What you return must match the entries exactly, except that the pictures are gone.

(Records for the exercise)

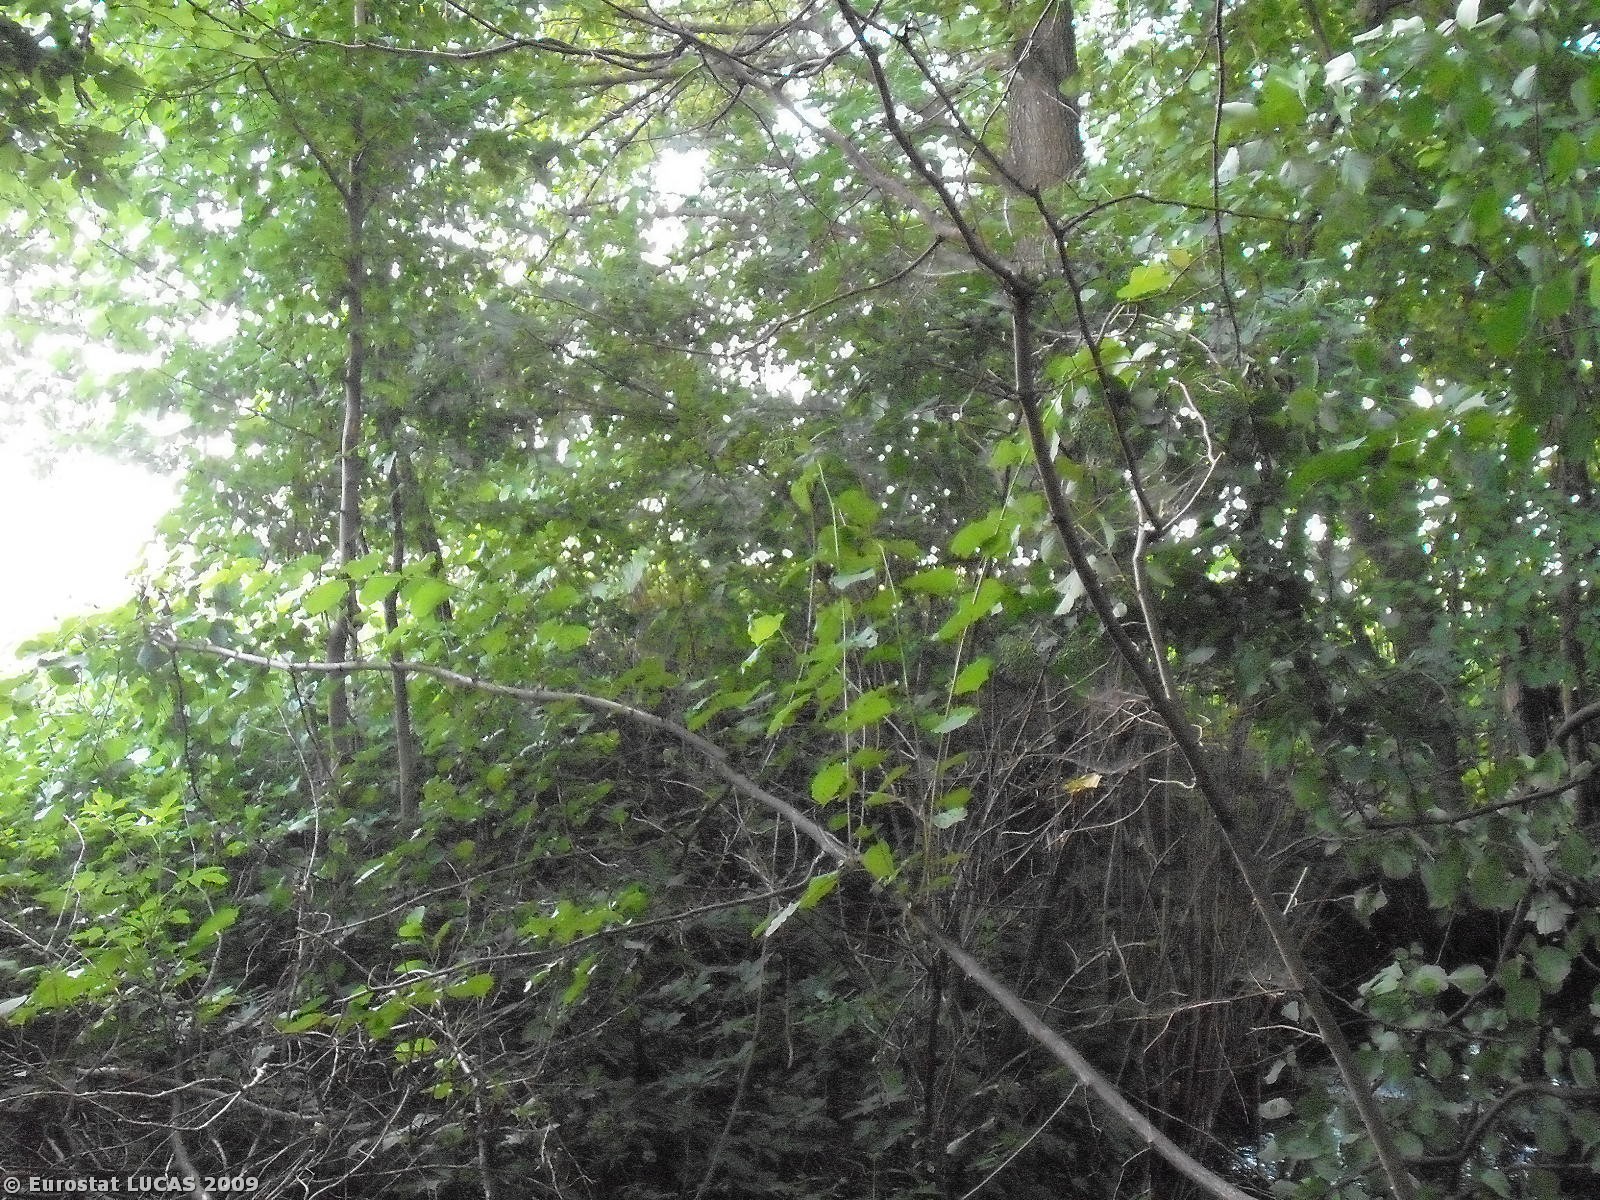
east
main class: Woodland
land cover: Broadleaved woodland
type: floodplain forest
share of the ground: > 75 %
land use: Unused
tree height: > 5 m
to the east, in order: Broadleaved woodland; Rivers and streams; Broadleaved woodland; Oats; Spontaneously vegetated surfaces; Paved roads, cycling and walking lanes; Grass margins; Electric lines; Rye; Electric lines; Rye
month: July
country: PL
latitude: 51.2590
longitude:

(End Records for the exercise)

■ **Answer to this problem**
east
main class: Woodland
land cover: Broadleaved woodland
type: floodplain forest
share of the ground: > 75 %
land use: Unused
tree height: > 5 m
to the east, in order: Broadleaved woodland; Rivers and streams; Broadleaved woodland; Oats; Spontaneously vegetated surfaces; Paved roads, cycling and walking lanes; Grass margins; Electric lines; Rye; Electric lines; Rye
month: July
country: PL
latitude: 51.2590
longitude:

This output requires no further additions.